A new £1.8m ETI project aims to build confidence in bunker saving tech. File Image / Pixabay
The Energy Technologies Institute (ETI) has launched a new £1.8 million ($2.49 million) that aims to assist financiers to understand and quantify the benefits in investing in bunker saving technologies for both existing and future marine vessels.
The Vessel Technology Assessment System (VTAS) project is being led by BMT Group in partnership with Black & Veatch.
John Buckingham, BMT
this project will allow us to explore the options and provide independent evidence that stakeholders can trust to make an informed decision
"There is a choice of [energy saving devices] ESDs within the commercial shipping market such as flettner rotors, high efficiency propellers and wingsail technologies and yet, the uptake to date has been somewhat slow, due to the perceived technical and financial risks of implementing these technologies," says John Buckingham at BMT.

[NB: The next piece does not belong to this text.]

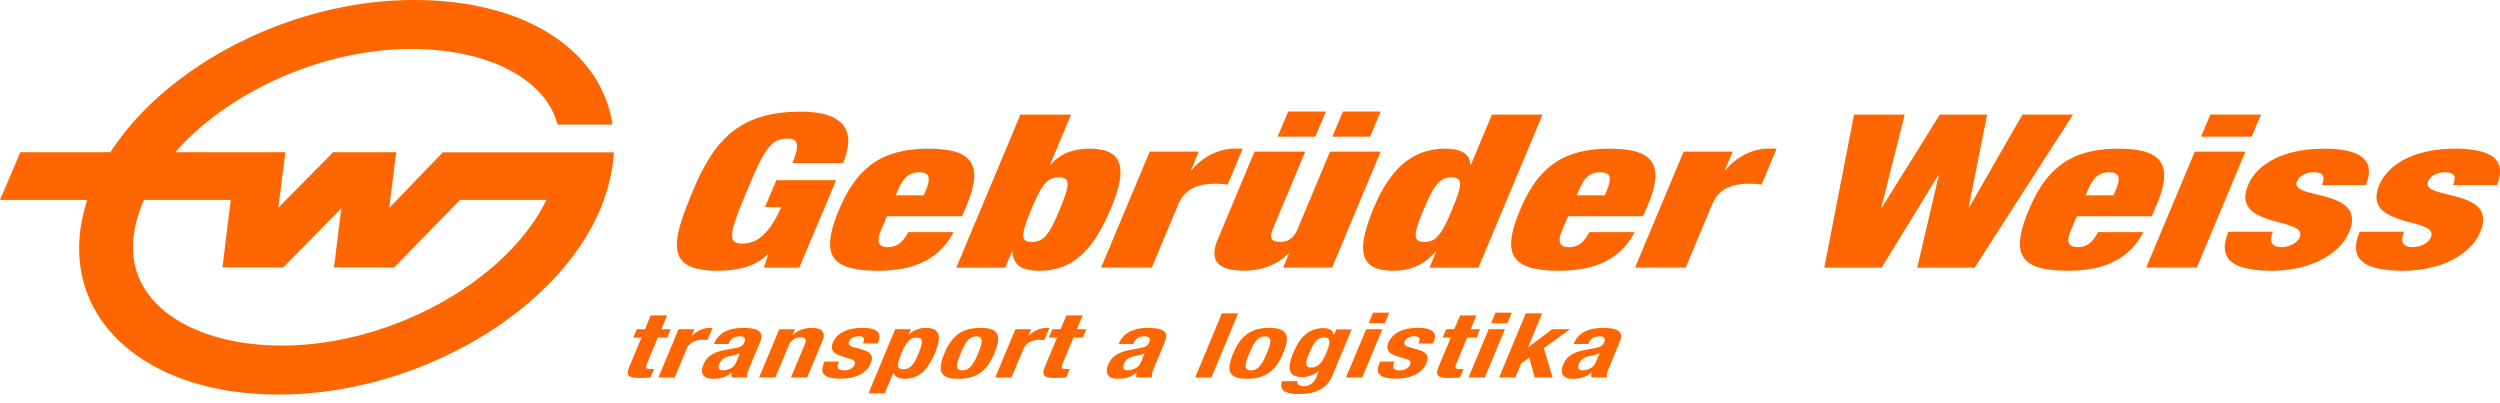 <svg viewBox="0 0 180 29" id="icon--logo" xmlns="http://www.w3.org/2000/svg"><g clip-path="url(#cclip0_103_2305)"><path fill="#F60" d="M28.025 14.965l.501-4.006h-4.535l-3.956 3.999.515-3.999h-7.934c3.808-4.33 10.579-7.454 17.06-7.433 4.421.014 8.145 1.425 9.788 3.921.31.473.536.988.677 1.524h3.963C43.286 3.639 37.884.028 29.894 0c-8.83-.03-17.863 4.654-21.946 10.958H1.467L0 14.394h6.284C3.73 22.214 9.78 28.37 19.992 28.406c10.26.036 20.79-6.29 23.526-14.132.402-1.143.62-2.25.677-3.308H31.883l-3.858 4.006v-.007zm11.32-.571c-2.843 5.825-11.2 10.514-19.126 10.486-4.422-.014-8.09-1.48-9.732-3.977-1.044-1.587-1.178-3.498-.466-5.614.099-.303.219-.6.346-.895h6.248l-.6 4.859h4.387l4.175-4.26-.529 4.26h4.33l4.746-4.86h6.22zm7.517 8.314h1.17l-.416.994h.677l-.254.607h-.677l-.782 1.883c-.113.275-.085.38.254.38.091 0 .19 0 .268-.014l-.261.621a9.48 9.48 0 01-.783.035c-.917 0-.995-.211-.705-.916l.832-1.99h-.593l.254-.606h.593l.416-.994h.007zm2.01.995h1.121l-.197.465h.014c.38-.338.797-.557 1.284-.557.07 0 .14 0 .204.014l-.36.853c-.112 0-.24-.014-.36-.014-.408 0-.93.162-1.128.628l-.874 2.087h-1.17l1.452-3.476h.014zm2.538 1.064l.036-.084c.338-.804 1.17-1.072 2.052-1.072 1.39 0 1.467.437 1.206 1.065l-.762 1.833c-.134.325-.17.473-.134.67h-1.121c-.028-.113-.007-.247 0-.36h-.014c-.423.36-.79.452-1.354.452-.811 0-.882-.529-.684-.994.275-.656.733-.917 1.608-1.087l.719-.134c.38-.07.536-.176.635-.409.112-.267.028-.43-.367-.43-.36 0-.62.184-.734.452l-.042.098h-1.05.006zm1.855.67a2.472 2.472 0 01-.571.177c-.508.077-.769.253-.896.564-.113.268-.077.486.24.486s.783-.155.945-.536l.29-.684-.008-.007zm2.849-1.734h1.121l-.169.409h.014a2.04 2.04 0 011.368-.501c.727 0 1.037.303.748.987l-1.08 2.581h-1.17l1.002-2.397c.148-.353.049-.487-.297-.487-.394 0-.698.19-.86.578l-.966 2.306h-1.17l1.452-3.476h.007zm4.295 2.341l-.05.112c-.126.304 0 .508.403.508.36 0 .648-.134.768-.416.092-.226-.056-.331-.26-.395l-.727-.226c-.571-.176-.776-.48-.571-.973.24-.578.91-1.05 2.115-1.05 1.058 0 1.41.36 1.15.987l-.056.14H62.13c.148-.352.084-.521-.296-.521-.297 0-.607.127-.706.374-.07.169-.014.31.339.409l.627.183c.663.19.812.473.593.995-.303.733-1.17 1.093-2.151 1.093-1.312 0-1.495-.438-1.22-1.108l.05-.12h1.05l-.007.008zm4.055-2.341h1.12l-.154.366h.014c.388-.324.769-.458 1.227-.458.959 0 1.178.536.635 1.826-.543 1.29-1.206 1.834-2.165 1.834-.438 0-.684-.134-.811-.416h-.014l-.614 1.46h-1.17l1.925-4.62.007.008zm.585 2.884c.508 0 .776-.388 1.086-1.143.317-.754.374-1.142-.134-1.142s-.783.388-1.1 1.142c-.318.755-.374 1.143.14 1.143h.008zm5.515-2.977c1.418-.02 1.538.622 1.03 1.827-.494 1.192-1.22 1.834-2.56 1.834-1.417.021-1.537-.62-1.037-1.834.501-1.191 1.22-1.826 2.56-1.826h.007zm-1.276 3.055c.472 0 .776-.353 1.135-1.22.36-.868.36-1.22-.12-1.22-.578 0-.839.507-1.135 1.22-.296.712-.458 1.22.12 1.22zm3.836-2.962h1.121l-.197.465h.014c.38-.338.797-.557 1.284-.557.07 0 .14 0 .204.014l-.36.853c-.112 0-.24-.014-.36-.014-.408 0-.93.162-1.128.628l-.874 2.087h-1.17l1.452-3.476h.014zm3.661-.995h1.17l-.416.994h.677l-.254.607h-.677l-.782 1.883c-.113.275-.085.38.253.38.092 0 .19 0 .268-.014l-.26.621a9.387 9.387 0 01-.783.035c-.917 0-.995-.211-.706-.916l.833-1.99h-.593l.254-.606h.593l.416-.994h.007zm3.765 2.059l.035-.084c.339-.804 1.17-1.072 2.052-1.072 1.39 0 1.467.437 1.206 1.065l-.761 1.833c-.134.325-.17.473-.134.67h-1.122c-.028-.113-.007-.247.007-.36h-.014c-.423.36-.79.452-1.354.452-.81 0-.881-.529-.684-.994.275-.656.734-.917 1.608-1.087l.72-.134c.38-.07.535-.176.634-.409.113-.267.028-.43-.367-.43-.352 0-.62.184-.733.452l-.042.098H80.55zm1.855.67a2.472 2.472 0 01-.572.177c-.507.077-.768.253-.895.564-.113.268-.078.486.24.486.317 0 .782-.155.945-.536l.289-.684-.007-.007zm5.571-2.877h1.17l-1.925 4.62h-1.17l1.925-4.62zm3.371 1.05c1.418-.02 1.538.622 1.037 1.827-.5 1.192-1.22 1.834-2.56 1.834-1.417.021-1.537-.62-1.03-1.834.494-1.191 1.22-1.826 2.56-1.826h-.007zm-1.276 3.055c.472 0 .776-.353 1.135-1.22.36-.868.36-1.22-.12-1.22-.578 0-.839.507-1.135 1.22-.296.712-.458 1.22.12 1.22zm7.256-2.962l-1.382 3.307c-.381.917-1.108 1.361-2.469 1.361-.994 0-1.41-.338-1.163-.93h1.121c-.05.112-.021.204.07.267a.634.634 0 00.353.099c.473 0 .755-.275.91-.628l.19-.458h-.014c-.345.26-.783.43-1.156.43-.931 0-1.2-.486-.663-1.756.338-.818.902-1.77 2.172-1.77.324 0 .67.113.74.48h.014l.163-.388h1.12l-.006-.014zM94.42 26.46c.494 0 .804-.409 1.051-.994.353-.847.339-1.164-.127-1.164-.515 0-.74.317-1.135 1.255-.198.48-.282.903.204.903h.007zm3.944-2.757h1.17l-1.452 3.476h-1.17l1.452-3.476zm.493-1.192h1.171l-.317.761h-1.17l.317-.761zm1.552 3.533l-.049.112c-.127.304 0 .508.402.508.352 0 .648-.134.768-.416.092-.226-.056-.331-.261-.395l-.726-.226c-.571-.176-.776-.48-.571-.973.24-.578.91-1.05 2.115-1.05 1.058 0 1.411.36 1.15.987l-.056.14h-1.051c.148-.352.084-.521-.296-.521-.297 0-.607.127-.706.374-.07.169-.014.31.339.409l.627.183c.663.19.811.473.593.995-.303.733-1.171 1.093-2.151 1.093-1.312 0-1.495-.438-1.22-1.108l.05-.12h1.05l-.007.008zm4.725-3.336h1.171l-.416.994h.677l-.254.607h-.677l-.783 1.883c-.113.275-.084.38.254.38.092 0 .19 0 .268-.014l-.261.621a9.392 9.392 0 01-.783.035c-.916 0-.994-.211-.705-.916l.832-1.99h-.592l.254-.606h.592l.416-.994h.007zm2.052.995h1.171l-1.453 3.476h-1.171l1.453-3.476zm.494-1.192h1.17l-.317.761h-1.171l.318-.761zm3.357.049L110.021 25h.014l1.721-1.297h1.29l-1.89 1.368.628 2.108h-1.29l-.381-1.431-.586.416-.423 1.015h-1.17l1.925-4.619h1.178zm2.271 2.207l.035-.084c.331-.804 1.171-1.072 2.052-1.072 1.389 0 1.467.437 1.206 1.065l-.762 1.833c-.134.325-.169.473-.134.67h-1.121c-.028-.113-.007-.247.007-.36h-.014c-.423.36-.79.452-1.354.452-.811 0-.882-.529-.684-.994.275-.656.733-.917 1.608-1.087l.719-.134c.381-.07.536-.176.635-.409.113-.267.028-.43-.367-.43-.352 0-.62.184-.733.452l-.043.098h-1.05zm1.854.67a2.466 2.466 0 01-.571.177c-.508.077-.769.253-.895.564-.113.268-.078.486.239.486.318 0 .783-.155.945-.536l.289-.684-.007-.007zM55.896 12.976h4.308l-2.658 6.298h-2.553l.324-.974h-.042c-.903.945-2.341 1.192-3.618 1.192-3.83 0-3.3-2.087-1.777-5.726 1.544-3.688 3.329-5.726 7.793-5.726 2.672 0 4.146 1.036 3.025 3.702h-3.646c.233-.557.353-.987.332-1.284-.014-.31-.226-.48-.67-.48-1.234 0-1.693.805-2.941 3.78-1.248 2.984-1.46 3.78-.31 3.78.79 0 1.805-.387 2.785-2.623h-1.17l.818-1.946v.007zM73.47 8.251h3.646l-1.516 3.61h.042c.72-.846 1.742-1.156 2.778-1.156 2.109 0 2.948.987 1.601 4.217-1.29 3.09-2.743 4.57-5.197 4.57-1.298 0-1.869-.43-1.925-1.36h-.043l-.48 1.141h-3.525L73.47 8.251zm.818 9.168c.853 0 1.255-.522 2.003-2.313.754-1.806.797-2.335-.057-2.335-.853 0-1.234.522-1.988 2.335-.748 1.791-.79 2.313.042 2.313zm8.497-6.502h3.526l-.557 1.326h.042c.826-1.002 2.024-1.545 3.096-1.545h.586l-1.086 2.595a5.388 5.388 0 00-.889-.063c-1.297 0-2.207.388-2.666 1.48l-1.91 4.557H79.28l3.498-8.35h.007zm9.965-2.885h2.716l-.762 1.806h-2.715l.761-1.806zm3.943 0h2.715l-.762 1.806h-2.715l.762-1.806zm-6.361 2.885h3.646l-2.306 5.507c-.29.698-.17.988.48.988.648 0 1.015-.297 1.304-.988l2.306-5.507h3.646l-3.498 8.35h-3.526l.423-1.016h-.042c-.811.818-1.919 1.234-3.174 1.234-1.6 0-2.659-.48-1.904-2.27l2.638-6.298h.007zm17.087-2.666h3.646l-4.619 11.022h-3.526l.48-1.142h-.043c-.832.924-1.763 1.361-3.06 1.361-2.454 0-2.659-1.48-1.368-4.57 1.318-3.152 3.102-4.217 5.126-4.217 1.037 0 1.799.31 1.806 1.157h.042l1.516-3.611zm-4.859 9.168c.833 0 1.235-.522 1.982-2.313.755-1.806.797-2.335-.035-2.335-.832 0-1.255.522-2.01 2.335-.748 1.791-.79 2.313.063 2.313zm18.667-6.502h3.526l-.557 1.326h.042c.825-1.002 2.024-1.545 3.096-1.545h.585l-1.086 2.595a5.382 5.382 0 00-.888-.063c-1.298 0-2.208.388-2.666 1.48l-1.911 4.557h-3.646l3.498-8.35h.007zm18.441-2.666h3.406l-1.332 6.678h.042l3.829-6.678h3.646l-7.087 11.022h-4.133l1.552-6.65h-.043l-4.069 6.65h-4.132l2.144-11.022h3.646l-1.679 6.678h.042l4.168-6.678zm18.357 2.666h3.646l-3.498 8.35h-3.646l3.498-8.35zm1.122-2.673h3.646l-.67 1.594h-3.646l.67-1.594zm4.506 8.434c-.134.325-.183.635-.078.818.106.184.325.297.649.297.564 0 1.164-.261 1.354-.713.621-1.48-5.035-.6-3.709-3.766.613-1.466 2.489-2.609 5.451-2.609 2.736 0 3.745.882 3.011 2.623h-3.159c.296-.712.021-.923-.585-.923-.55 0-1.037.247-1.206.649-.578 1.375 5.099.444 3.759 3.645-.677 1.622-2.814 2.793-5.572 2.793-3.06 0-3.878-.987-3.117-2.807h3.202v-.007zm9.443 0c-.134.325-.183.635-.077.818.106.184.324.297.649.297.564 0 1.163-.261 1.354-.713.62-1.48-5.036-.6-3.71-3.766.614-1.466 2.49-2.609 5.452-2.609 2.736 0 3.744.882 3.011 2.623h-3.16c.297-.712.022-.923-.585-.923-.55 0-1.037.247-1.206.649-.578 1.375 5.099.444 3.759 3.645-.677 1.622-2.814 2.793-5.571 2.793-3.061 0-3.879-.987-3.117-2.807h3.201v-.007zM66.912 10.705c-3.28 0-5.163 1.206-6.503 4.4-1.332 3.181-.705 4.387 2.821 4.387 2.821 0 4.492-.994 5.423-2.779h-3.265c-.43.84-.895 1.08-1.467 1.08-.507 0-.895-.233-.521-1.129l.458-1.093h5.409l.353-.846c1.269-3.026.204-4.013-2.716-4.013l.008-.007zm-.254 2.983l-.156.374H64.5l.155-.374c.367-.881.783-1.283 1.53-1.283.748 0 .846.402.48 1.283h-.007zm49.294-2.983c-3.279 0-5.162 1.206-6.502 4.4-1.332 3.181-.705 4.387 2.821 4.387 2.821 0 4.492-.994 5.423-2.779h-3.265c-.43.84-.895 1.08-1.467 1.08-.507 0-.895-.233-.522-1.129l.459-1.093h5.409l.353-.846c1.269-3.026.204-4.013-2.716-4.013l.007-.007zm-.253 2.983l-.156.374h-2.009l.155-.374c.366-.881.783-1.283 1.53-1.283.748 0 .846.402.48 1.283zm36.882-2.983c-3.286 0-5.162 1.206-6.502 4.4-1.333 3.181-.705 4.387 2.821 4.387 2.821 0 4.492-.994 5.423-2.779h-3.265c-.43.84-.896 1.08-1.467 1.08-.508 0-.895-.233-.522-1.129l.459-1.093h5.409l.352-.846c1.27-3.026.205-4.013-2.715-4.013l.007-.007zm-.253 2.983l-.156.374h-2.002l.155-.374c.366-.881.782-1.283 1.53-1.283s.846.402.48 1.283h-.007z"/></g><defs><clipPath id="cclip0_103_2305"><path d="M0 0h180v28.406H0z"/></clipPath></defs></svg>

"Through improved ship-based modelling, assessments and data validation, this project will allow us to explore the options and provide independent evidence that stakeholders can trust to make an informed decision."
David Butler, Project Manager, commented: "We hope that this project will help to tackle the market barriers that currently exist which limit the uptake of cost-effective fuel efficiency technologies. Combing this project with our current £10m portfolio of demonstrations in the areas of flettner rotor sails, high efficiency propulsion systems and new waste heat recovery technology, will help us reach our target of a 30% improvement in fuel efficiency for marine vessels."